▸ **Brief**
Copy nothing from the entries below except the lines from the one containing "དེ་ནས་སྒོ་མ་བཞིའི་སྐུ་ཐོགས་ལ༔ ཧཱུྃ༔ དཔལ་ཆེན་རྡོ་རྗེ་གཞོན་" through the one containing "ནུ་ཡི༔ ཚད་མེད་ཐུགས་རྗེའི་ཕྲིན་ལས་གར༔ ཡེ་ཤེས་སྒོ་མ་རྣམ་བཞི་ཡིས༔", and copy those exactly.

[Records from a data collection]
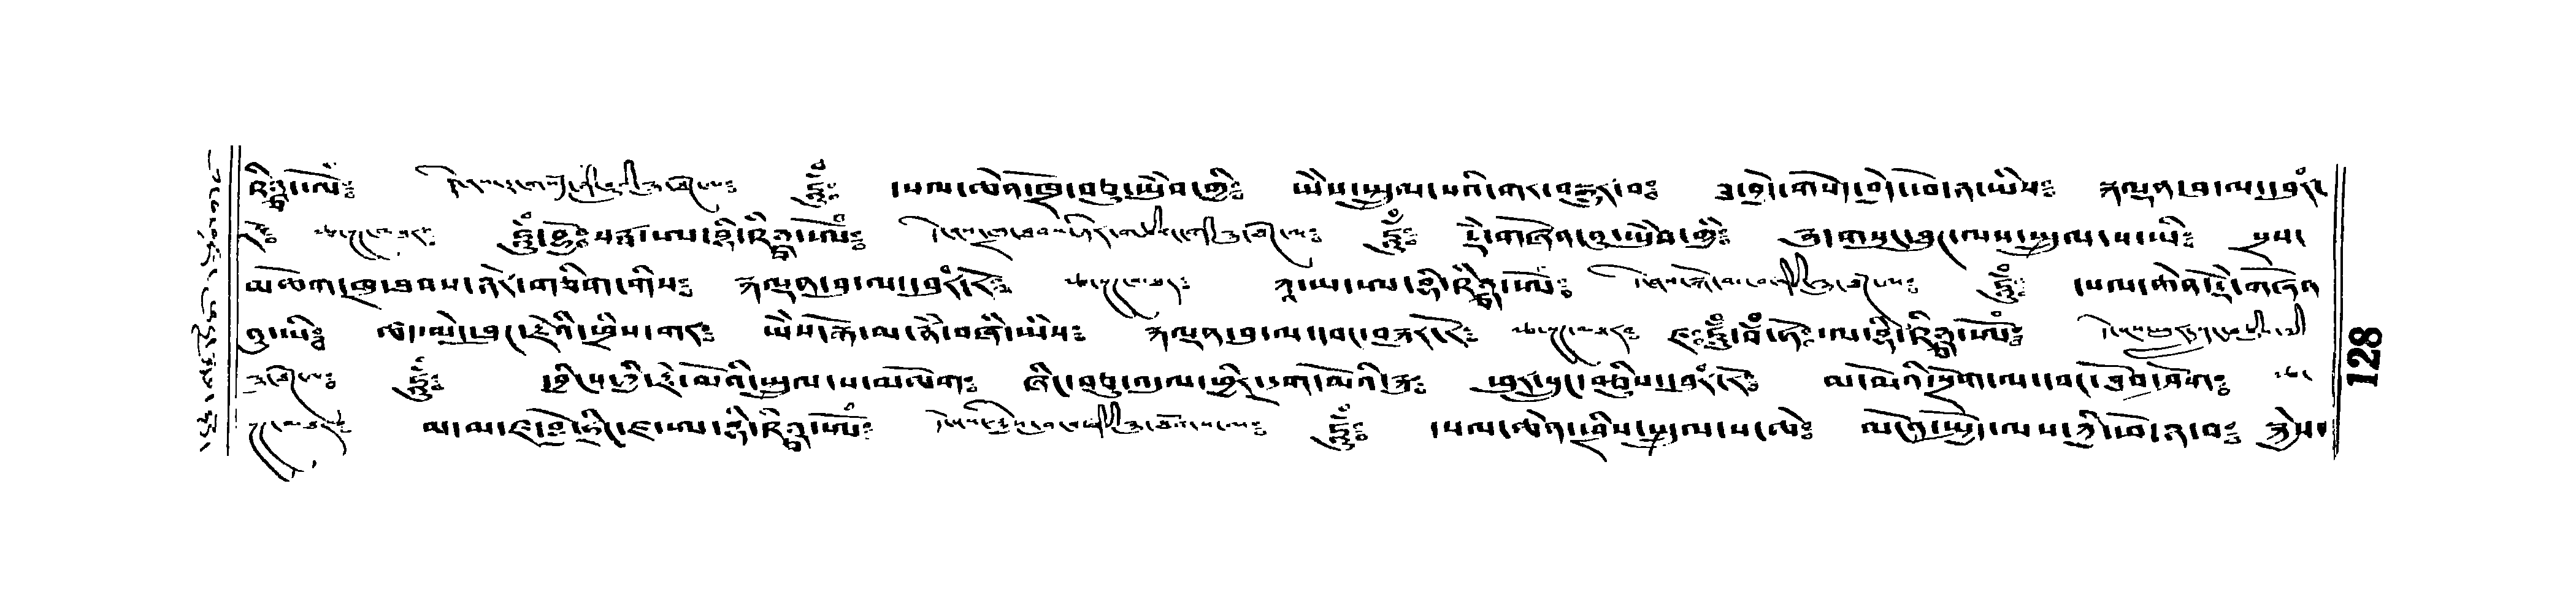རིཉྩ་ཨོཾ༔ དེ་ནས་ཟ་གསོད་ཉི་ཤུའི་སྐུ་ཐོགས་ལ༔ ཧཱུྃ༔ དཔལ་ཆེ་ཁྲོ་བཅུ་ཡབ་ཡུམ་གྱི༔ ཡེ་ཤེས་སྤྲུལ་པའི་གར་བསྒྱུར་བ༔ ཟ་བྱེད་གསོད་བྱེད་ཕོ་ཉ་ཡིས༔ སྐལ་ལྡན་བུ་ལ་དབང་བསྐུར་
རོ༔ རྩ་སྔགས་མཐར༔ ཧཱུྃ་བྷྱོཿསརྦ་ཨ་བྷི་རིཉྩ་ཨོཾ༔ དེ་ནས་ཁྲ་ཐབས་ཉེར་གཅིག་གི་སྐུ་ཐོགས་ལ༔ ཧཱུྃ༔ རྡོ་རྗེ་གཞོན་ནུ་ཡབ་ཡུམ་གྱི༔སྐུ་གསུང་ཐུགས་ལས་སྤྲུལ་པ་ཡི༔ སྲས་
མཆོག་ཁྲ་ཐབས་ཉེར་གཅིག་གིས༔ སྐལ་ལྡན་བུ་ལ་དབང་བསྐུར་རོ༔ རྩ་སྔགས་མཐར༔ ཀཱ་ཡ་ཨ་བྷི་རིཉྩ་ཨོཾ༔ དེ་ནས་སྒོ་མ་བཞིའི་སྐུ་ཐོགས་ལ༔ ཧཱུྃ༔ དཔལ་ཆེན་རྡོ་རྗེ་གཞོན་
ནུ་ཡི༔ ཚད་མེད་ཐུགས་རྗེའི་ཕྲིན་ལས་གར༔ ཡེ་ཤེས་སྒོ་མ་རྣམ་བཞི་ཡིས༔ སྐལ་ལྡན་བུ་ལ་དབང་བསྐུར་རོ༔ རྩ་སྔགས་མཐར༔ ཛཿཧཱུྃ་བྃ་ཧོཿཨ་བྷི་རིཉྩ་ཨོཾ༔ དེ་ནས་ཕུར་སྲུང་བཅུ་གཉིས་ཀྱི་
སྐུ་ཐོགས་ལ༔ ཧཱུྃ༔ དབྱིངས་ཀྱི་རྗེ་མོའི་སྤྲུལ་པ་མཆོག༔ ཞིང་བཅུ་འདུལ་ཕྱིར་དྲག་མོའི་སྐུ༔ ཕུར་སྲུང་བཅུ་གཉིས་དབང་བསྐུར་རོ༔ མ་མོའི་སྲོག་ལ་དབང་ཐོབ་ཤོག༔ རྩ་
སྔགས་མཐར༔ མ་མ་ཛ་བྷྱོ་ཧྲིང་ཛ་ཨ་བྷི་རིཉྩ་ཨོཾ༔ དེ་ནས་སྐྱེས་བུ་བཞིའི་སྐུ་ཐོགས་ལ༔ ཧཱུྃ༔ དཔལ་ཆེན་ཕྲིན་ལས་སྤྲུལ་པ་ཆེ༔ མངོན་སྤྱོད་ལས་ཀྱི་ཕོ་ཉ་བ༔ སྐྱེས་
* * *
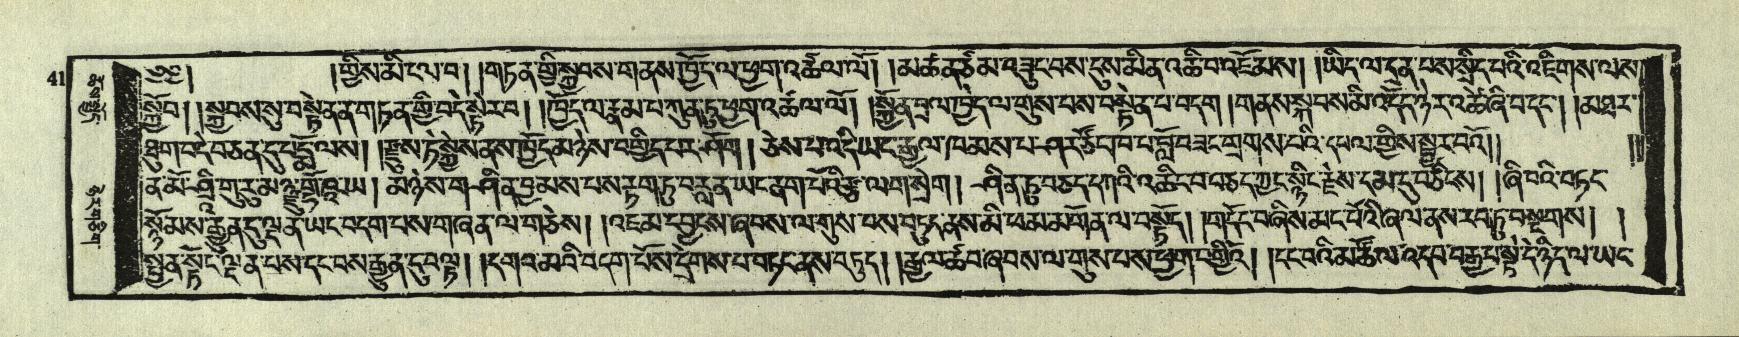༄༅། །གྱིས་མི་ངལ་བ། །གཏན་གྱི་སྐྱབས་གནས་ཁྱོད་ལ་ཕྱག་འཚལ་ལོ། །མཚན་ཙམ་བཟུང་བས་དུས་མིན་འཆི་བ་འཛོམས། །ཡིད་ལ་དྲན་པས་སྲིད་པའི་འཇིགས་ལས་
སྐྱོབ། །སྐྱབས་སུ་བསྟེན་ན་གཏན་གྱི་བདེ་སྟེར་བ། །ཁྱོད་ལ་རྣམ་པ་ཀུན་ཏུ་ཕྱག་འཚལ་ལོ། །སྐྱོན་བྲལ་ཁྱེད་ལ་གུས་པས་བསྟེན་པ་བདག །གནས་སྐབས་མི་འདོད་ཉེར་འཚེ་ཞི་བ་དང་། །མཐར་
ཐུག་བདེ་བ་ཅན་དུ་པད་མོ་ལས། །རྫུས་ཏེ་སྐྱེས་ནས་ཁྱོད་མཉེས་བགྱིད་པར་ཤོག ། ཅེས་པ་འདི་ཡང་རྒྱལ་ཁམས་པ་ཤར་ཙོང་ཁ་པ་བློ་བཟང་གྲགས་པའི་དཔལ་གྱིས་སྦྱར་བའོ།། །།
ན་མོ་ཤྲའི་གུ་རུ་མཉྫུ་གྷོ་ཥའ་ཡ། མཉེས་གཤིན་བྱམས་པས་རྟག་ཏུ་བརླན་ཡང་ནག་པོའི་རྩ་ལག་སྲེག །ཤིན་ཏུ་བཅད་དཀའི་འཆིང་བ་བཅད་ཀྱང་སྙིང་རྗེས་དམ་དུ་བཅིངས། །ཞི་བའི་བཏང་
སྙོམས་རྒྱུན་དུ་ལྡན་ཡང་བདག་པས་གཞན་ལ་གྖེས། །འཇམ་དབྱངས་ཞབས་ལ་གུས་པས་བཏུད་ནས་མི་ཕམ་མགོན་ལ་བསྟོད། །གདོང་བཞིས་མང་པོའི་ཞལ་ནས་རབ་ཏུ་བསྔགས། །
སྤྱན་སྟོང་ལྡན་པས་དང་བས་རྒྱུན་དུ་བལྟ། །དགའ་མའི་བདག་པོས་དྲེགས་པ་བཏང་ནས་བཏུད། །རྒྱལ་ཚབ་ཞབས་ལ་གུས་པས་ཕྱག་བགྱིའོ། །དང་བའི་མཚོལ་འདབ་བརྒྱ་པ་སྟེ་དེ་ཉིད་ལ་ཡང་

▸ **Response area**
མཆོག་ཁྲ་ཐབས་ཉེར་གཅིག་གིས༔ སྐལ་ལྡན་བུ་ལ་དབང་བསྐུར་རོ༔ རྩ་སྔགས་མཐར༔ ཀཱ་ཡ་ཨ་བྷི་རིཉྩ་ཨོཾ༔ དེ་ནས་སྒོ་མ་བཞིའི་སྐུ་ཐོགས་ལ༔ ཧཱུྃ༔ དཔལ་ཆེན་རྡོ་རྗེ་གཞོན་
ནུ་ཡི༔ ཚད་མེད་ཐུགས་རྗེའི་ཕྲིན་ལས་གར༔ ཡེ་ཤེས་སྒོ་མ་རྣམ་བཞི་ཡིས༔ སྐལ་ལྡན་བུ་ལ་དབང་བསྐུར་རོ༔ རྩ་སྔགས་མཐར༔ ཛཿཧཱུྃ་བྃ་ཧོཿཨ་བྷི་རིཉྩ་ཨོཾ༔ དེ་ནས་ཕུར་སྲུང་བཅུ་གཉིས་ཀྱི་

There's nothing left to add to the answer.